Viéndola tan emocionada, Liu Wentian dijo con impotencia:
—En este momento, aún deberías cuidarte primero.
Ser optimista es bueno, pero necesitas enfrentar la realidad.
¿Te das cuenta de lo grave que es tu condición ahora?
Si no recibes tratamiento, puede que ni siquiera vivas otro medio año.
La sonrisa en el rostro de Zi Qing se congeló; siempre había estado evitando deliberadamente el tema de su enfermedad.
Ella era solo una chica ordinaria, y a pesar de ser fuerte y optimista, temía la muerte y había tenido muchas noches donde se escondía bajo las sábanas y lloraba amargamente, y muchas noches de insomnio.
Pero aparte de fingir que no le afectaba, ¿qué más podía hacer?
Quizás el tratamiento podría permitirle vivir un poco más, pero no tenía dinero.
Además, los médicos ya le habían dejado claro que su condición era muy difícil de controlar, e incluso con tratamiento, era incierto si podría vivir otro año.

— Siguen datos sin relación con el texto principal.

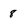
Character: 8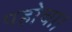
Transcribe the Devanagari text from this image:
पहोचा।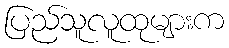
ပြည်သူလူထုများက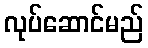
လုပ်ဆောင်မည်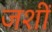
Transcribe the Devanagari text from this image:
जशीं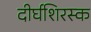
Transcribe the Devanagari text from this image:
दीर्घशिरस्क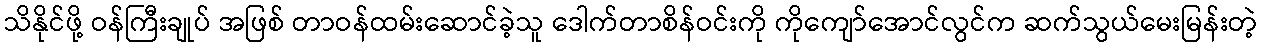
သိနိုင်ဖို့ ဝန်ကြီးချုပ် အဖြစ် တာဝန်ထမ်းဆောင်ခဲ့သူ ဒေါက်တာစိန်ဝင်းကို ကိုကျော်အောင်လွင်က ဆက်သွယ်မေးမြန်းတဲ့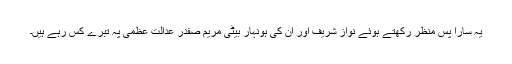
یہ سارا پسِ منظر رکھتے ہوئے نواز شریف اور ان کی ہونہار بیٹی مریم صفدر عدالت عظمیٰ پہ تبرے کَس رہے ہیں۔

Puesto que escapar era imposible, entonces aunque tuviera miedo, solo podía apretar los dientes y persistir, forzando una sonrisa.

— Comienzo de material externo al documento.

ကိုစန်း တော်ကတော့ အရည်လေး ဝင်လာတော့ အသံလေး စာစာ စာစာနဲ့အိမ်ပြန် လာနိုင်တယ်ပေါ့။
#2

Ahora recordada por Liu Wentian de la Enfermedad de la Sangre Púrpura que llevaba, la tristeza se elevó a su corazón, y los ojos de Zi Qing involuntariamente se enrojecieron.
—Está bien, no estés tan triste.
Ya que me has llamado hermano, te ayudaré a curar tu enfermedad —dijo Liu Wentian al ver los ojos enrojecidos de Zi Qing, acariciando tiernamente su cabello.

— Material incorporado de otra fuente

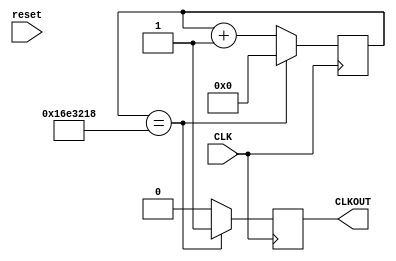
`timescale 1ns / 1ps
//////////////////////////////////////////////////////////////////////////////////
// Company: 
// Engineer: 
// 
// Design Name: 
// Module Name:    ChangeCLK 
// Project Name: 
// Target Devices: 
// Tool versions: 
// Description: 
//
// Dependencies: 
//
// Revision: 
// Revision 0.01 - File Created
// Additional Comments: 
//
//////////////////////////////////////////////////////////////////////////////////
module ChangeCLK(
    input CLK,
	 input reset,
    output reg CLKOUT
    );
	reg [31:0]counter;
	initial begin
		counter <= 0;
		CLKOUT <= 0;
	end
	always@(posedge CLK)
		begin
			if (~reset)
				begin
					counter <= 0;
				end
			if (counter == 23999000)
				begin
					counter <= 0;
					CLKOUT <= 1;
				end
			else
				begin
					counter <= counter + 1;
					CLKOUT <= 0;
				end
		end
endmodule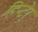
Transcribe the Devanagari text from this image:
हिन्टेर्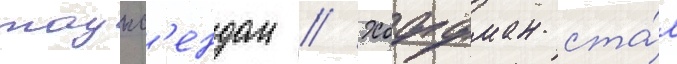
таунс'ендом // Хоффман ста́л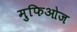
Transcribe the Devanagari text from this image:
मुफिओज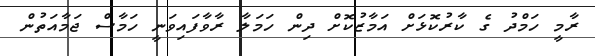
ރާމީ ހަމްދު ގެ ކާރުކޮޅަށް އަމާޒުކޮށް ދިން ހަމަލާ ރާވާފައިވަނީ ހަމާސް ޖަމާއަތުން

Zi Qing logró una sonrisa.
—Gracias, Hermano Liu Wentian.
Aunque expresó su agradecimiento, obviamente asumía que Liu Wentian solo la estaba consolando y no creía realmente que pudiera curar su enfermedad.
Zi Qing había investigado su condición, así que era consciente de que era imposible que se curara.
Justo cuando Zi Qing se sentía afligida, una voz hizo que cambiara su expresión.
—Zi Qing, ¿por qué terminaste el trabajo tan temprano hoy?
¿Recibiste tu salario?
Si lo recibiste, ¡apúrate y devuelve el dinero!
Un joven de cara cuadrada con una apariencia algo feroz, seguido por dos lacayos, caminó hacia Zi Qing tan pronto como la vio.
Parecía que había venido específicamente a buscarla.
Al ver a este hombre, Zi Qing se asustó y dijo:
—Sr.
Yuan, no he recibido mi salario hoy.
¿Puedo darle el dinero en unos días?